[Data entries]

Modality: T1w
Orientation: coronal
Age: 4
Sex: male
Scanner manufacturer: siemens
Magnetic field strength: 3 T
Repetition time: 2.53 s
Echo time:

Work to complete:
Every record needs to be reproduced exactly, with none skipped.

Response:
Modality: T1w
Orientation: coronal
Age: 4
Sex: male
Scanner manufacturer: siemens
Magnetic field strength: 3 T
Repetition time: 2.53 s
Echo time:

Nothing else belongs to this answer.